### Data items
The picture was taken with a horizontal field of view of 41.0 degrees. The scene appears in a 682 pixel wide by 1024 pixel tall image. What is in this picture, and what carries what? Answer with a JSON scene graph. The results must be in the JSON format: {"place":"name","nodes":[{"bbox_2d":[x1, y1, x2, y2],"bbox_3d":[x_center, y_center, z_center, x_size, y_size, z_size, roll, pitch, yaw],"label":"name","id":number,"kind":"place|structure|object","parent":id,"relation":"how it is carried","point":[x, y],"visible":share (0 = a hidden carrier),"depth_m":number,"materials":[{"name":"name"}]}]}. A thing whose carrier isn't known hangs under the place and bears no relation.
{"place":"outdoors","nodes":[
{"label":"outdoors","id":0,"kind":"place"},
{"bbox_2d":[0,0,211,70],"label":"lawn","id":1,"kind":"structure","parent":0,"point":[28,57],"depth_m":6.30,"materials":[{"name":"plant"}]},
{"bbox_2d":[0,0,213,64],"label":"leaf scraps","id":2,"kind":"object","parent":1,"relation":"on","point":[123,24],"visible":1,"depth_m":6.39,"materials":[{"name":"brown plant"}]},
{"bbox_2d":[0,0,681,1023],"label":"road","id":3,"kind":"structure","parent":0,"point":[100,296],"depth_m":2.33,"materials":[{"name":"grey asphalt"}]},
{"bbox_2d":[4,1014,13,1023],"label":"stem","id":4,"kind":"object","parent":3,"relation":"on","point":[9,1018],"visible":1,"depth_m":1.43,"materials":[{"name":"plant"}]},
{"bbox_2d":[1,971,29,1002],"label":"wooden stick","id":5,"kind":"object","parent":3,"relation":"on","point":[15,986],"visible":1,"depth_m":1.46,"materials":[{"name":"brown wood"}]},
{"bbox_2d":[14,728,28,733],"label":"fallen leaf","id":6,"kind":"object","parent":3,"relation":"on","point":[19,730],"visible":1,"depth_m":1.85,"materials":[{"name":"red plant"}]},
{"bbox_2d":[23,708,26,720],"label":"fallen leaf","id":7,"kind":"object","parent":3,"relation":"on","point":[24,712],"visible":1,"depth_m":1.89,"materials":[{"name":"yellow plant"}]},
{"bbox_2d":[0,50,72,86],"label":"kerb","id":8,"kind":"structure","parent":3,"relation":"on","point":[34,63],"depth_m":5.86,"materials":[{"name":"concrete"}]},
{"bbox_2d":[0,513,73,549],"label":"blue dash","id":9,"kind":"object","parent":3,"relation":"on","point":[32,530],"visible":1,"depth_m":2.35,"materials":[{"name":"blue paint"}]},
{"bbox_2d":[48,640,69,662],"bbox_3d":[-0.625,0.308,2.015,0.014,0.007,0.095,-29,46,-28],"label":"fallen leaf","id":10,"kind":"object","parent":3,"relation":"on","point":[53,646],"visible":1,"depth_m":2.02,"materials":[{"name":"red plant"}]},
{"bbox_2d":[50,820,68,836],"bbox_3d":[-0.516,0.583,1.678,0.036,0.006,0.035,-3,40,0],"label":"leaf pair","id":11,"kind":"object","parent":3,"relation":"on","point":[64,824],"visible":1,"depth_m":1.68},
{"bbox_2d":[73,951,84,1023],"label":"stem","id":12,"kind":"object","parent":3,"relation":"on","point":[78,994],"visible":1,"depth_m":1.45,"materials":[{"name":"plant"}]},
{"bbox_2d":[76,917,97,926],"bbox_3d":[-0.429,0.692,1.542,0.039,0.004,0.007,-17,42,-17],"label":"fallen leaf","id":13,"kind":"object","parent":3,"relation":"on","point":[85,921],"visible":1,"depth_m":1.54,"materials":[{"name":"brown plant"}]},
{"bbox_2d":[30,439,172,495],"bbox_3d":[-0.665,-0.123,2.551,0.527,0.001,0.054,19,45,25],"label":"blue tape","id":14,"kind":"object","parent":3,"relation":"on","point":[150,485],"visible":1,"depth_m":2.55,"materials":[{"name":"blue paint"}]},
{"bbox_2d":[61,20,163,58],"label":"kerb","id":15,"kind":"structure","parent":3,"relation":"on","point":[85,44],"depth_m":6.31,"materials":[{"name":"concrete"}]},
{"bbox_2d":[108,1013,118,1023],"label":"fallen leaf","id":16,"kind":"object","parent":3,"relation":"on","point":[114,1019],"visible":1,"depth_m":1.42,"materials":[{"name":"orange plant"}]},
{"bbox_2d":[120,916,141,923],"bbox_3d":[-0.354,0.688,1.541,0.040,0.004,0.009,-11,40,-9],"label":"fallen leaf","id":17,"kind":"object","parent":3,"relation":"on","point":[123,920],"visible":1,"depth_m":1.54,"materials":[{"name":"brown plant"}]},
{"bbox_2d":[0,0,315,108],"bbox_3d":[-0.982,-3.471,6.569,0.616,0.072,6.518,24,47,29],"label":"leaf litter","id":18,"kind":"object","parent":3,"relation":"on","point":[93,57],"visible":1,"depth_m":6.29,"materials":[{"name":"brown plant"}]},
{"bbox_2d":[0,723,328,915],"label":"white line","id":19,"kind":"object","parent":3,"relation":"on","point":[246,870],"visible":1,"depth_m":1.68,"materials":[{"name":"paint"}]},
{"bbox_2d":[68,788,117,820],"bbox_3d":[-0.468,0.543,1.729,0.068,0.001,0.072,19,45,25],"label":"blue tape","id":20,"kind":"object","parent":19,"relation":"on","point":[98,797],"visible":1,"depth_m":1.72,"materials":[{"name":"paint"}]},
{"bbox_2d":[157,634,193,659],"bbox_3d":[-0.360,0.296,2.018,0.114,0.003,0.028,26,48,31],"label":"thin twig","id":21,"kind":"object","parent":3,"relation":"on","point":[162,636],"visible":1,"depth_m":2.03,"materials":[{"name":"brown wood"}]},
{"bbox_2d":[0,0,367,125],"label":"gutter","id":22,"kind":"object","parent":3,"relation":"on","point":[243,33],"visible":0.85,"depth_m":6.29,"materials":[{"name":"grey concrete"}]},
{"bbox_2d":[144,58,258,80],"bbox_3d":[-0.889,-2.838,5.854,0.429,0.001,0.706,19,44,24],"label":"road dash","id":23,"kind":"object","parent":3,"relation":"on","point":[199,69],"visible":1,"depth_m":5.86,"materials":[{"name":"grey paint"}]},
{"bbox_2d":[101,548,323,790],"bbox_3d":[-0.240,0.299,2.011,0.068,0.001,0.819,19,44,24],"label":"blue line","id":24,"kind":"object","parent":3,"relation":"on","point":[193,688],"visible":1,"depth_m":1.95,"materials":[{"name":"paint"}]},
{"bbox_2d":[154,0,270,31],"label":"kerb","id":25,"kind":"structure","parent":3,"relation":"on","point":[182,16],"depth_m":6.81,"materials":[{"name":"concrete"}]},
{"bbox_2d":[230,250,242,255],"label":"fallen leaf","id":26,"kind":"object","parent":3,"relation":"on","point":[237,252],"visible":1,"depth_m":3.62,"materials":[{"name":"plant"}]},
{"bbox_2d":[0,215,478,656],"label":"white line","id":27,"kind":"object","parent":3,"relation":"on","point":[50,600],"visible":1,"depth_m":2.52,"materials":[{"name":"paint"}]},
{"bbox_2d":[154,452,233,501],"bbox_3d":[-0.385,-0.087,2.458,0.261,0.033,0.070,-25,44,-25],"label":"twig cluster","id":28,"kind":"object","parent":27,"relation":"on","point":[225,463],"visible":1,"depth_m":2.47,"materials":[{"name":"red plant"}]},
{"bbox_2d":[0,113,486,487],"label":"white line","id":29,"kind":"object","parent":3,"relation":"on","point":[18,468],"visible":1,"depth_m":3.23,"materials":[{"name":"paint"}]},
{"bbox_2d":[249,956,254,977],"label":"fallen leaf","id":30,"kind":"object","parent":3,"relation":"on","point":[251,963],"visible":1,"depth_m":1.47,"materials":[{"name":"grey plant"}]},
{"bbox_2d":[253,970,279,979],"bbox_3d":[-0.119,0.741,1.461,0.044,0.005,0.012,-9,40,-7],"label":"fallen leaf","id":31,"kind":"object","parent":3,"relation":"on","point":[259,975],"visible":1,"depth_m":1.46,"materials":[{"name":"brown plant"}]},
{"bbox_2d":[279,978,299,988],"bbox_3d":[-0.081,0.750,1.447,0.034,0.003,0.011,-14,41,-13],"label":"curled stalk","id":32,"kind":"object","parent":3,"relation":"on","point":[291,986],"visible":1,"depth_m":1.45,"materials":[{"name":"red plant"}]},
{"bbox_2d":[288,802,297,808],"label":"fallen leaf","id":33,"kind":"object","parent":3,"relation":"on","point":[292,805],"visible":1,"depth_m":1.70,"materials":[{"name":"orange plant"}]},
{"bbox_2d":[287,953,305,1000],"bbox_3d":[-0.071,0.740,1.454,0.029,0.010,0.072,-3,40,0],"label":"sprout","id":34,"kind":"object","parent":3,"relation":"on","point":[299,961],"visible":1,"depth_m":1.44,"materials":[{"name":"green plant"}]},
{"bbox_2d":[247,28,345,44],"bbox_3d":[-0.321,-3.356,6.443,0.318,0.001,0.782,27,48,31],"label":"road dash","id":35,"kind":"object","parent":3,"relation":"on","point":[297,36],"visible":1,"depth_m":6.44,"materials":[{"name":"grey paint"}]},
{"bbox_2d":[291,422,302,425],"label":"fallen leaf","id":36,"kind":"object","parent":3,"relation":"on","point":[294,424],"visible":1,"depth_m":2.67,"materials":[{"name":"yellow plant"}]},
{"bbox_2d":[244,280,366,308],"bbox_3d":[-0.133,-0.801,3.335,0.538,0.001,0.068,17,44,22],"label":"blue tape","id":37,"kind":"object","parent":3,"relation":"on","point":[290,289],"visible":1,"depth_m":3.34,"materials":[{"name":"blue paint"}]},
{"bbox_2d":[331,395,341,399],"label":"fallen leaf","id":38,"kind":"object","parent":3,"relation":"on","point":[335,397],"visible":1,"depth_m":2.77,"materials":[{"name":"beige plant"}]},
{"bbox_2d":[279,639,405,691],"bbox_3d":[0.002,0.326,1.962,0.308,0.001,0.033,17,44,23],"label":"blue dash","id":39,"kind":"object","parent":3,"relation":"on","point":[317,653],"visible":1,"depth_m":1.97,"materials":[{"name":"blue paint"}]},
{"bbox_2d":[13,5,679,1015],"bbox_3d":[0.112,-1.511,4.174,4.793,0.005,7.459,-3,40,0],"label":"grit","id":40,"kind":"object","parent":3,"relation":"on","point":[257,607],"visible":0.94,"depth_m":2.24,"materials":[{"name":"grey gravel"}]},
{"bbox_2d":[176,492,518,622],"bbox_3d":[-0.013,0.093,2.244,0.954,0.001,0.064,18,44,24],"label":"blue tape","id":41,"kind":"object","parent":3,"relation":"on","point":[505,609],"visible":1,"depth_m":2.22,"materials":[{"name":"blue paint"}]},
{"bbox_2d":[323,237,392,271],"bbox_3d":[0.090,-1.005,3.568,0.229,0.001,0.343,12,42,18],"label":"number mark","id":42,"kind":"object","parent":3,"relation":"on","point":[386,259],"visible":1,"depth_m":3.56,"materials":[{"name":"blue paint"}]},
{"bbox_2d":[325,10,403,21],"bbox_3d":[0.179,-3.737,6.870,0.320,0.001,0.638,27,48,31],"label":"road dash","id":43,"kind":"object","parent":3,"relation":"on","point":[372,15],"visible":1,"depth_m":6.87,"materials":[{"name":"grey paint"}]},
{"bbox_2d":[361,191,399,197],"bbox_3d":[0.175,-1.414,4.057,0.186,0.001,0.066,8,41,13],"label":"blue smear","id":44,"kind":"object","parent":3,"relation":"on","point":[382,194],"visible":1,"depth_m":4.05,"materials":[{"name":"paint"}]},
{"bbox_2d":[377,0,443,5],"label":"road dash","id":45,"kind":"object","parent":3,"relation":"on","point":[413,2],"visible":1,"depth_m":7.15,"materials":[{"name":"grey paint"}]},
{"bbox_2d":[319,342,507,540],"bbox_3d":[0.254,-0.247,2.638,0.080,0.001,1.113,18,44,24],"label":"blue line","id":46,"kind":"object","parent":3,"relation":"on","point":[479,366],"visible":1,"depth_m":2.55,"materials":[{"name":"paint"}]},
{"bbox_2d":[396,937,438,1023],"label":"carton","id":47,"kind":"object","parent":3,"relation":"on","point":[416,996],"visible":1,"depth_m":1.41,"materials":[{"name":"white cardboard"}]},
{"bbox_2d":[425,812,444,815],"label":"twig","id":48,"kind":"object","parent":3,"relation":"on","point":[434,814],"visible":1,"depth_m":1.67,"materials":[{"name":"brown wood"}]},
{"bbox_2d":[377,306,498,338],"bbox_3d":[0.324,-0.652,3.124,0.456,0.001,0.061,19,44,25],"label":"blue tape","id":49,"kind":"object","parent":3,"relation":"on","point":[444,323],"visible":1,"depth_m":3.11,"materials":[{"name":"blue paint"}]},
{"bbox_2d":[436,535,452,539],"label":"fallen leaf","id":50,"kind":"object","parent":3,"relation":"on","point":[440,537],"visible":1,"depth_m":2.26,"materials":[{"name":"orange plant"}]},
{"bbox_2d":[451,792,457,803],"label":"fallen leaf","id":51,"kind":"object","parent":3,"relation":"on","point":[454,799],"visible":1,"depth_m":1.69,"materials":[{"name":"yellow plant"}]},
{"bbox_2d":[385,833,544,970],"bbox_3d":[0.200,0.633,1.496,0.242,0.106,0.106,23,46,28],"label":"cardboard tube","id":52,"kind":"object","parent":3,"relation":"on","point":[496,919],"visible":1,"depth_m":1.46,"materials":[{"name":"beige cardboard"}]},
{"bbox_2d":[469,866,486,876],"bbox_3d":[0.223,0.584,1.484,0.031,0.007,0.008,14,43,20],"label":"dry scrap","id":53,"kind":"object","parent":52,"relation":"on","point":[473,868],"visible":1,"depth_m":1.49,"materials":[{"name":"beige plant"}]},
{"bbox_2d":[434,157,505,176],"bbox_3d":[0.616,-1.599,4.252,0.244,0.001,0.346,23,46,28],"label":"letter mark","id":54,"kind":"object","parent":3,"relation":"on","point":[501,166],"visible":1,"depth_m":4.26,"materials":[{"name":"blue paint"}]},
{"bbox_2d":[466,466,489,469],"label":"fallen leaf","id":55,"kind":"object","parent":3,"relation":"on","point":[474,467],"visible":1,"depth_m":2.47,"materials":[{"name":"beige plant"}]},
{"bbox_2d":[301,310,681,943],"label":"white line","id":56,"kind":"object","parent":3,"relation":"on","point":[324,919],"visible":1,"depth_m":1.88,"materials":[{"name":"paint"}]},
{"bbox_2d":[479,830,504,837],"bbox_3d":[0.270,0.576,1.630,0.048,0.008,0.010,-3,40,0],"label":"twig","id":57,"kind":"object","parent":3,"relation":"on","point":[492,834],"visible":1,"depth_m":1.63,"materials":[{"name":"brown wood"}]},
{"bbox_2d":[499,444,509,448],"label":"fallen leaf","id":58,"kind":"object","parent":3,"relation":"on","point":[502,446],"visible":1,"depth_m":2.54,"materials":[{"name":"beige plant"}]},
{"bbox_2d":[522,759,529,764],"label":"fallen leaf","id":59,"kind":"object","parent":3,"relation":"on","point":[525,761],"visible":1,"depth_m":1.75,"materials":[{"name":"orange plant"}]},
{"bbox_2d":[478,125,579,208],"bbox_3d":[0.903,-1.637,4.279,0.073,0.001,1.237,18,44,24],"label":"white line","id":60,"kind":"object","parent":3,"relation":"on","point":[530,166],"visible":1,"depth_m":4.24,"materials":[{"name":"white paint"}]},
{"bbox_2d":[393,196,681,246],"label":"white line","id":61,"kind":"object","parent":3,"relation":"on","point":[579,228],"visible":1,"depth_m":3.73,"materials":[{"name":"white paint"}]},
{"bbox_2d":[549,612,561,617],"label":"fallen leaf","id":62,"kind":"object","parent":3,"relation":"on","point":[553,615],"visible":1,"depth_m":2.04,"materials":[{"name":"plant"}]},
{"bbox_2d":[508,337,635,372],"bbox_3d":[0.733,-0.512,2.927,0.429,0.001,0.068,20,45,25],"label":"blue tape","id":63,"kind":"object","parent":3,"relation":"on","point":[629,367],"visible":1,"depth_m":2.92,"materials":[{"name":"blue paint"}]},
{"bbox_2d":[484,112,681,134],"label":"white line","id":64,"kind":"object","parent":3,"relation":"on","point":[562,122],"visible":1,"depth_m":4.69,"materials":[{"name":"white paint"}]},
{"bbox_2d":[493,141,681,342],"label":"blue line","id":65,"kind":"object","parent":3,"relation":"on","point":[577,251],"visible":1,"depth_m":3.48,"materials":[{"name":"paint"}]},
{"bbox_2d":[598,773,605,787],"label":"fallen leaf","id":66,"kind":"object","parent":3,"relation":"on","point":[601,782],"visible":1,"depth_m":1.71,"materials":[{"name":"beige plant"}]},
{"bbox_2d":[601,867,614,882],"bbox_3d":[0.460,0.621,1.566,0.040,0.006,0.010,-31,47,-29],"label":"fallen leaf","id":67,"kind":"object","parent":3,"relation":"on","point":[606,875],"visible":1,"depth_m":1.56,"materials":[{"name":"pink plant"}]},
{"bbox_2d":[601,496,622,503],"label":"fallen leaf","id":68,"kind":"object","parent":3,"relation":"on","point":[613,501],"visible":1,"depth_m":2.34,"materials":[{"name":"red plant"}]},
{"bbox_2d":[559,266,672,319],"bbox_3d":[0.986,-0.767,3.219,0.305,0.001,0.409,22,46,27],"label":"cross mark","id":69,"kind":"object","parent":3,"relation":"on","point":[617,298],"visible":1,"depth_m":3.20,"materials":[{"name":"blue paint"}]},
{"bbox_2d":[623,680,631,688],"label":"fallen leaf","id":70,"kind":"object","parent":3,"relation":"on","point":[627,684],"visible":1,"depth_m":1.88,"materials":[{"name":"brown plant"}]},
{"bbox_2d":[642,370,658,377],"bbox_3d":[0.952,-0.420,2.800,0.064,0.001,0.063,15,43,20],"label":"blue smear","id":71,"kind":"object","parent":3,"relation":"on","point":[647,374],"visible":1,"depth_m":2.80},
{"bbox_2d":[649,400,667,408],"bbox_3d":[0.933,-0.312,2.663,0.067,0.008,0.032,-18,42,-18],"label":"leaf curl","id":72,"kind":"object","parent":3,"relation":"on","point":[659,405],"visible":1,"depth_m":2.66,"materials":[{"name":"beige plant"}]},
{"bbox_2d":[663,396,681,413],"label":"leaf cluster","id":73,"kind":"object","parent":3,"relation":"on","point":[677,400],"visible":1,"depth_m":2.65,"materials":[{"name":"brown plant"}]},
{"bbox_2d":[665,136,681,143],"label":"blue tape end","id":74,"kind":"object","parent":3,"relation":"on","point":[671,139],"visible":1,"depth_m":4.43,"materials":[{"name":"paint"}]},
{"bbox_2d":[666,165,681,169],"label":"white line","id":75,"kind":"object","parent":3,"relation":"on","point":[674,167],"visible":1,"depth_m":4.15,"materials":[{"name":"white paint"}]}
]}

### Assignment
For the records above, state how many lines include the string "cardboard", giving the number and nothing else.

### Solution
2